Approval for this study was obtained from the Research Ethics Committee of the Faculty of Health Sciences, University of Pretoria (Ref. number 42/2012). AML patients were recruited via the National Health Laboratory Service (NHLS) at the Universities of Pretoria and the Witwatersrand and from private pathology groups including Ampath Laboratories and Vermaak and Partners Pathologists.

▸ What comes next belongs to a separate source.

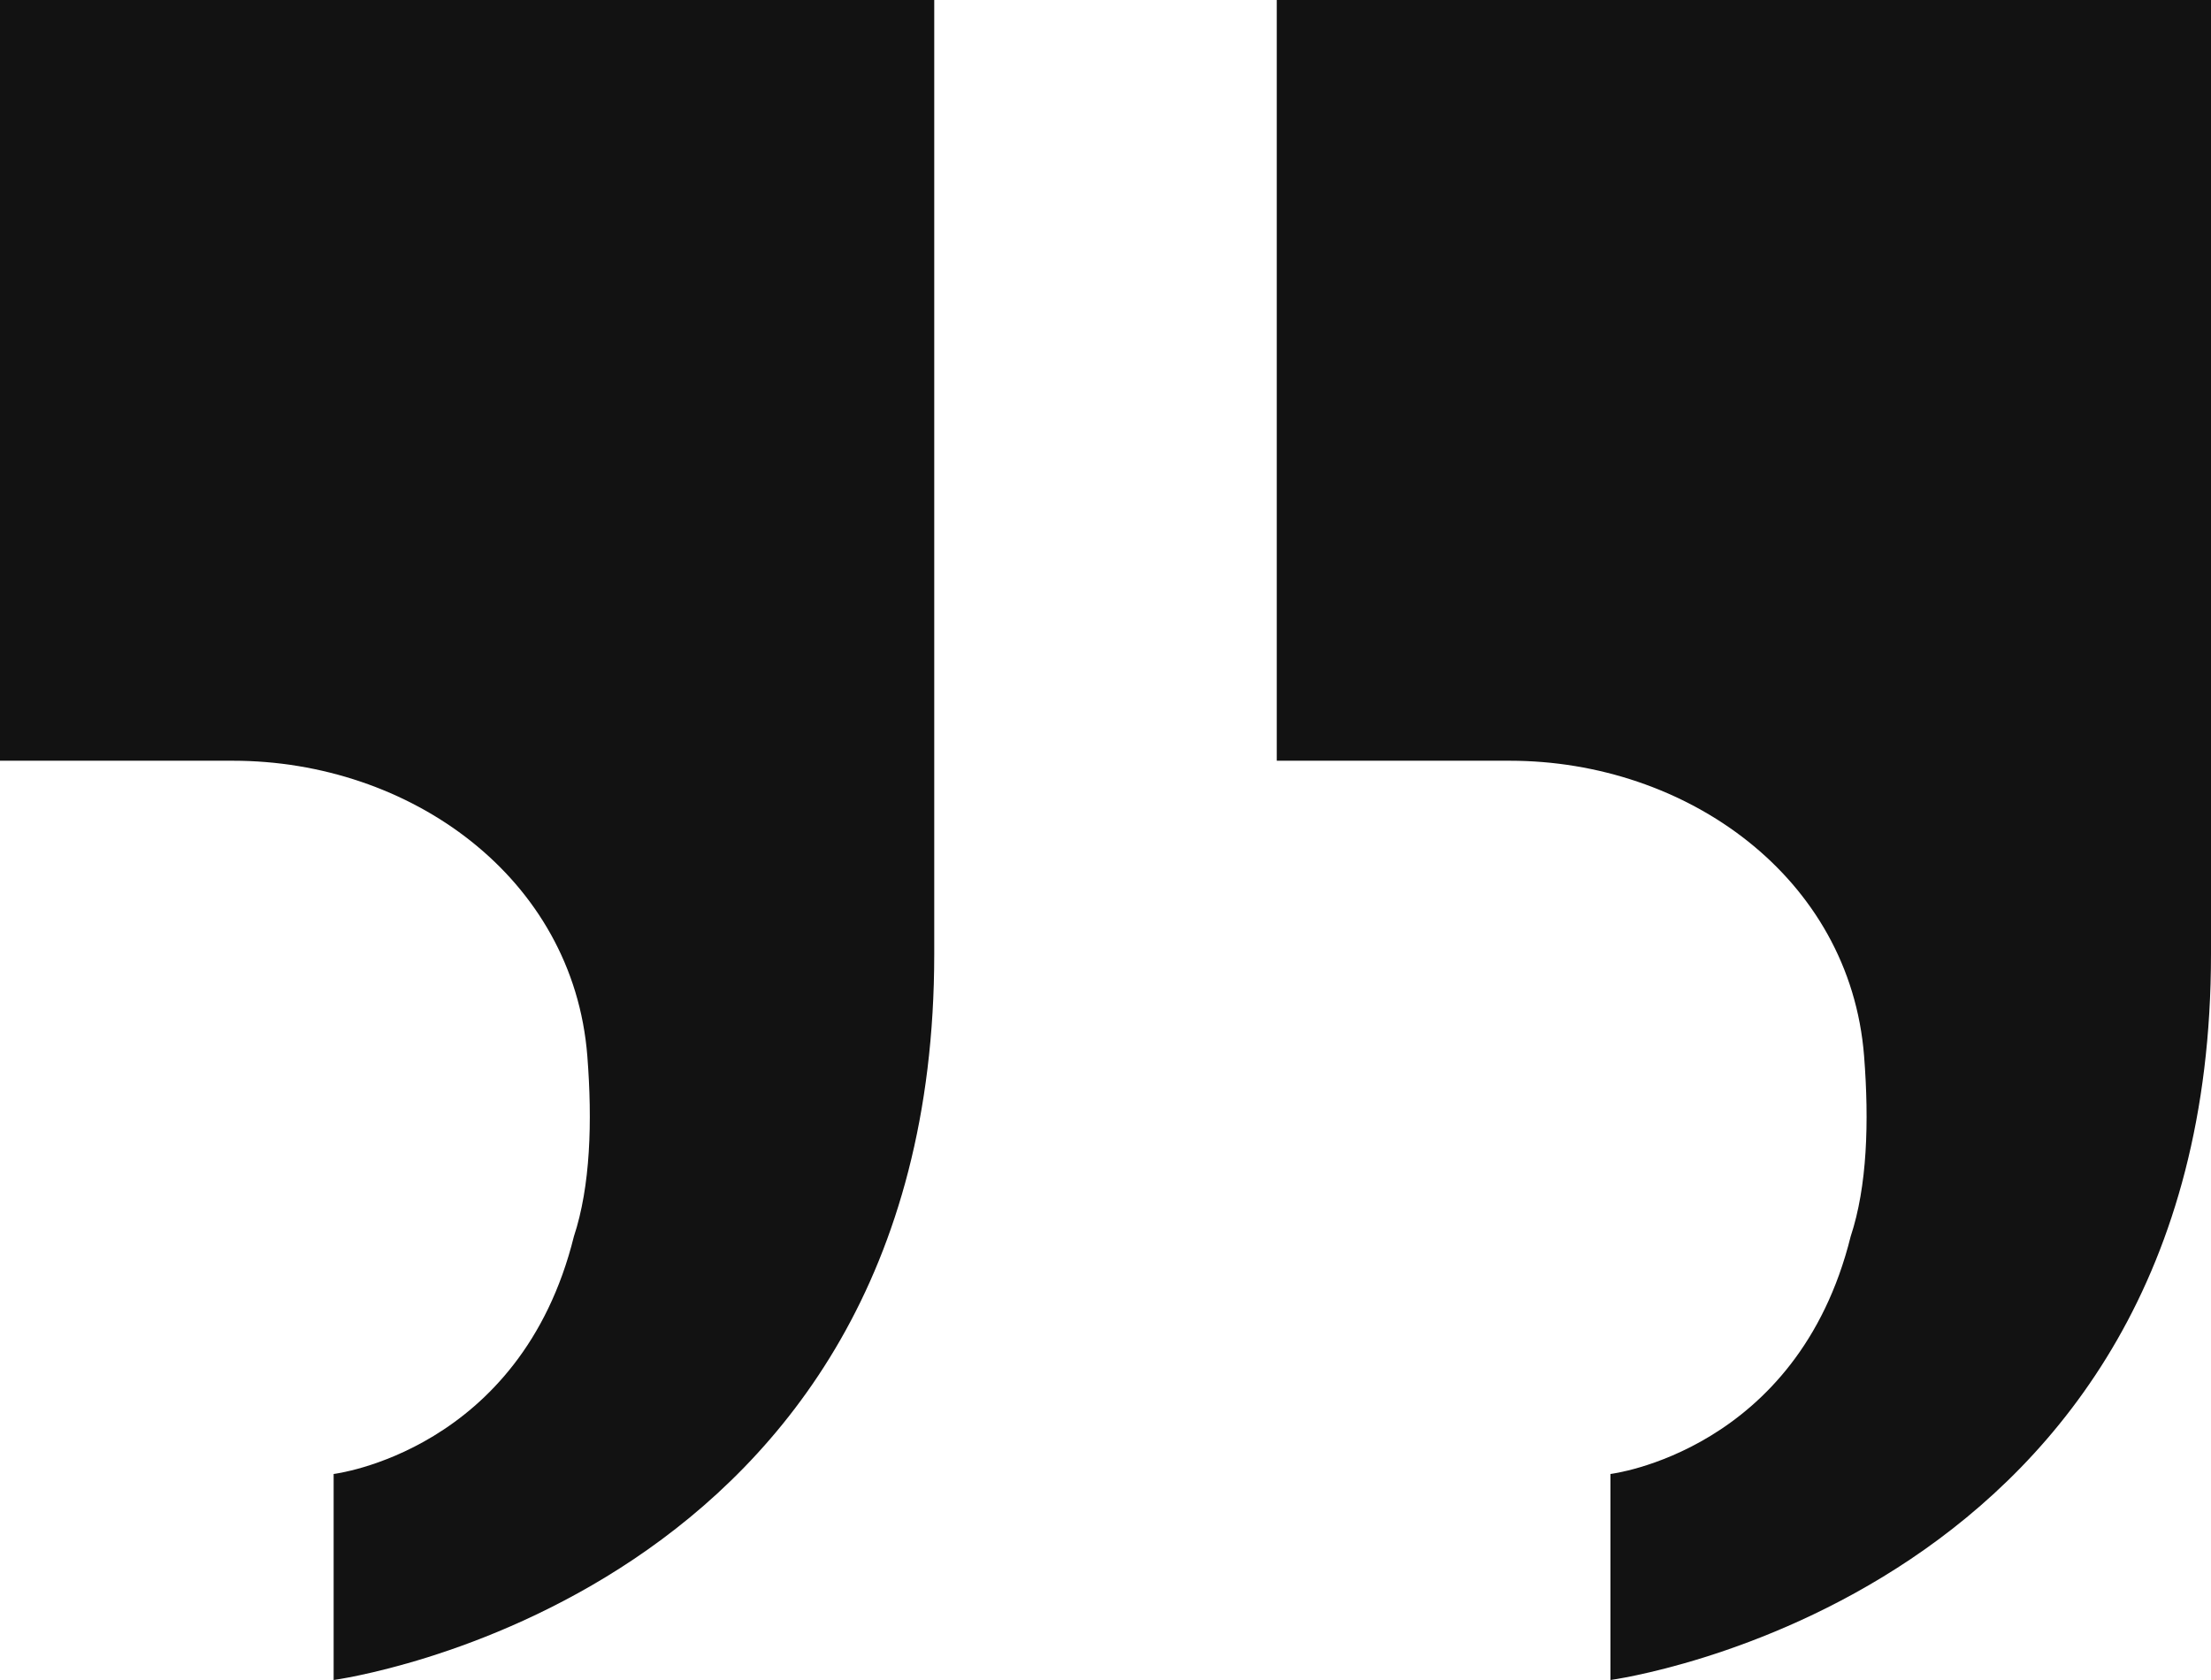 <svg xmlns="http://www.w3.org/2000/svg" width="50" height="38" viewBox="0 0 50 38" fill="none"><path fill-rule="evenodd" clip-rule="evenodd" d="M28.873 -1.84696e-06L28.873 17.207L34.142 17.207C38.133 17.207 41.839 19.838 42.155 23.888C42.271 25.371 42.226 26.836 41.851 27.968C40.644 32.832 36.419 33.34 36.419 33.34L36.419 38C36.419 38 50 36.176 50 21.584L50 0L28.873 -1.84696e-06ZM3.32207e-06 -4.37114e-06L1.81773e-06 17.207L5.269 17.207C9.26 17.207 12.966 19.838 13.282 23.888C13.398 25.371 13.352 26.836 12.978 27.968C11.771 32.832 7.545 33.34 7.545 33.34L7.545 38C7.545 38 21.127 36.176 21.127 21.584L21.127 -2.52418e-06L3.32207e-06 -4.37114e-06Z" fill="#121212"></path></svg>

Only adult patients diagnosed with de novo AML, based on a blast count of >20%, were included.

2.2. RNA Isolation

The samples were received at the Institute for Cellular and Molecular Medicine (ICMM) laboratory at the University of Pretoria, where RNA was isolated within 48 hours of sample collection. Mononuclear cells were first separated using Ficoll histopaque (Sigma-Aldrich), after which RNA was isolated using the Qiagen RNAeasy kit according to the manufacturer’s protocol. The quantity of RNA was checked using a Nanodrop spectrophotometer and RNA integrity analysed on Agilent’s TapeStation 2200 before continuing further with the assay. Analysis of 16S and 28S RNA peaks was checked using an RNA Integrity Number (RIN) value. Only samples with a RIN value above 7 were selected for the AMLprofiler procedure.

2.3. AMLprofiler Assay

The AMLprofiler assay includes different experimental steps that follow in a sequential order and that span over a period of 3 days (Figure 1). This assay was performed according to the manufacturer’s protocol. Briefly, the initial step involves synthesis of cDNA from RNA in a two-step reaction that includes first strand and second strand synthesis. The third reaction is an in vitro transcription reaction where biotinylated complimentary RNA (cRNA) is synthesized. The cRNA is then purified using magnetic bead separation and analysed using the Agilent TapeStation 2200 to assess for quality and integrity before proceeding to a fragmentation reaction. The cRNA is then fragmented, and the quality was checked again. The final step of the process is the hybridization reaction, where the fragmented cRNA is loaded onto the AMLprofiler microarray and hybridized for 16-17 hours.

Figure 1: An overview of the AMLprofiler assay. The day to day process flow involved in the AMLprofiler microarray analysis with specific stop points and storage conditions.
2.4. Data Analysis and Reporting

Following overnight hybridization, the AMLprofiler microarray was washed, stained, and scanned. After scanning, the data was transferred through a secured centralized server to SkylineDx, The Netherlands, for analysis, and a report was received in the ICMM laboratory within 15–20 minutes.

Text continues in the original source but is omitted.